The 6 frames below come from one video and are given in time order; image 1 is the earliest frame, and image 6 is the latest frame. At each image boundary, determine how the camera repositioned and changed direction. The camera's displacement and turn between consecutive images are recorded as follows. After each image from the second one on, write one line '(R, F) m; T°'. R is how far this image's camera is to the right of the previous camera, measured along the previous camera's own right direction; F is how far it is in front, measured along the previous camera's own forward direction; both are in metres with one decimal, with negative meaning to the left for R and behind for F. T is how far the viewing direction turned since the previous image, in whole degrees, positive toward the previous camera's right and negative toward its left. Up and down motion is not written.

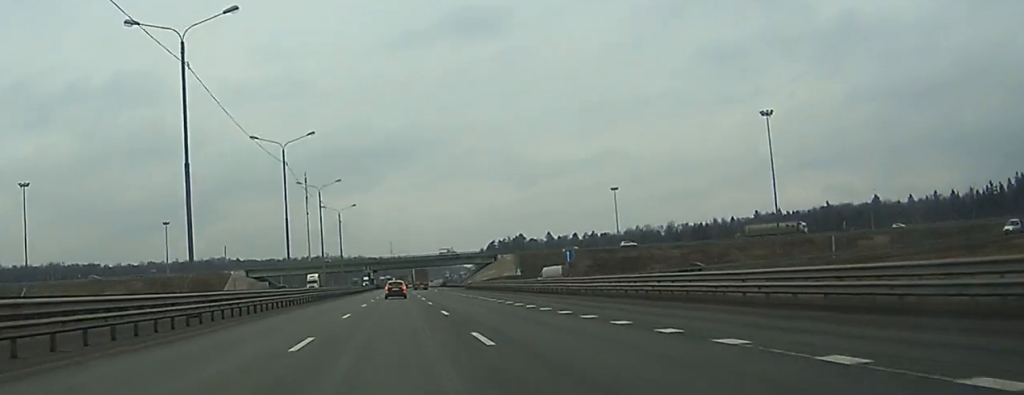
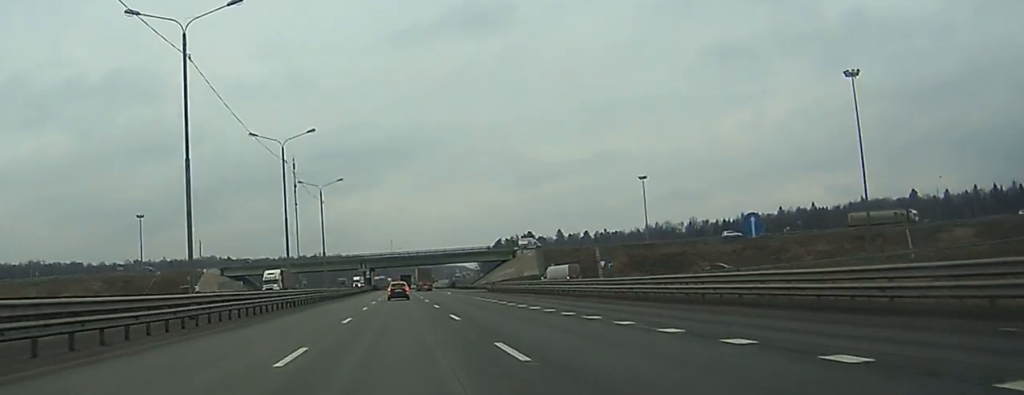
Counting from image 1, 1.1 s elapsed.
(+0.1, +35.5) m; 0°
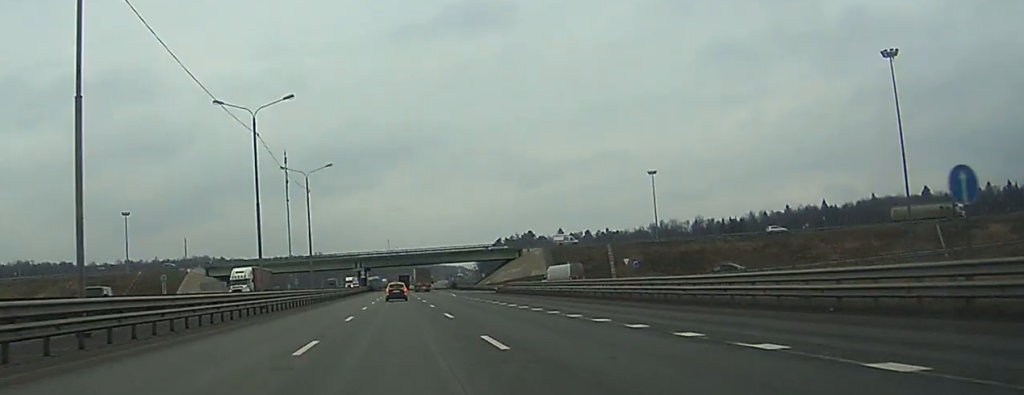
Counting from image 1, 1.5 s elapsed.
(0.0, +13.4) m; 0°
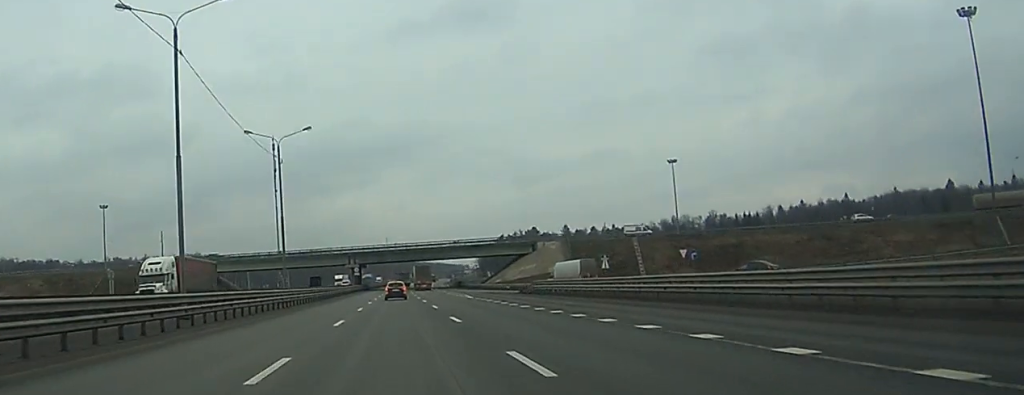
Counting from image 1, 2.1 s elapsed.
(0.0, +21.2) m; 0°
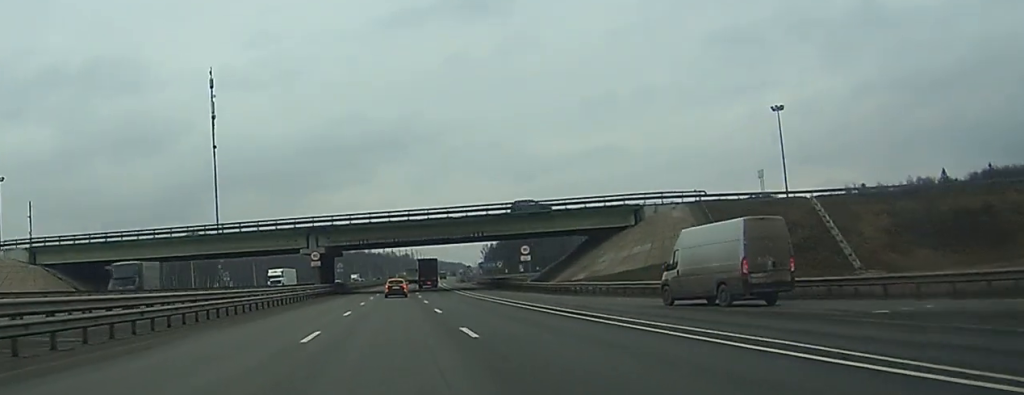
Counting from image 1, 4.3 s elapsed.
(+0.2, +72.3) m; 0°
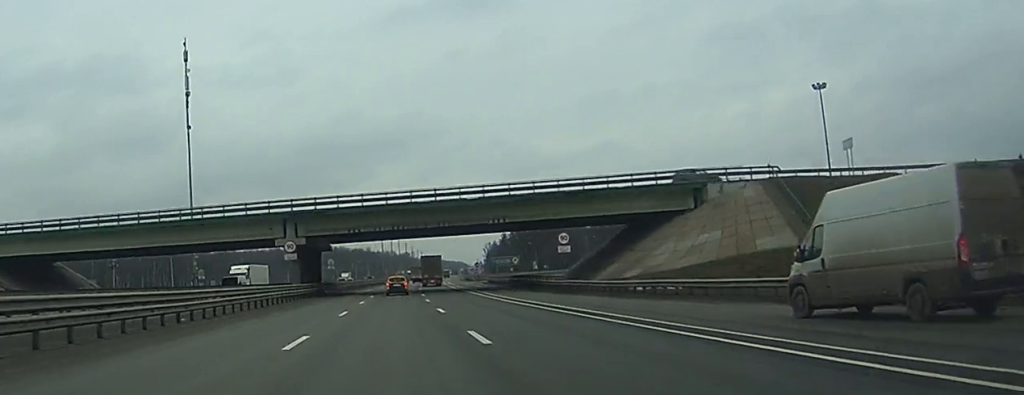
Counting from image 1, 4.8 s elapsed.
*-*-*
→ Work to be completed
Write out only the lines from the one that contains "Counting from image 1, 1.5 s elapsed." through the last line of the records above, both included, word for word and without the pictures.

→ Answer for the task
Counting from image 1, 1.5 s elapsed.
(0.0, +13.4) m; 0°
Counting from image 1, 2.1 s elapsed.
(0.0, +21.2) m; 0°
Counting from image 1, 4.3 s elapsed.
(+0.2, +72.3) m; 0°
Counting from image 1, 4.8 s elapsed.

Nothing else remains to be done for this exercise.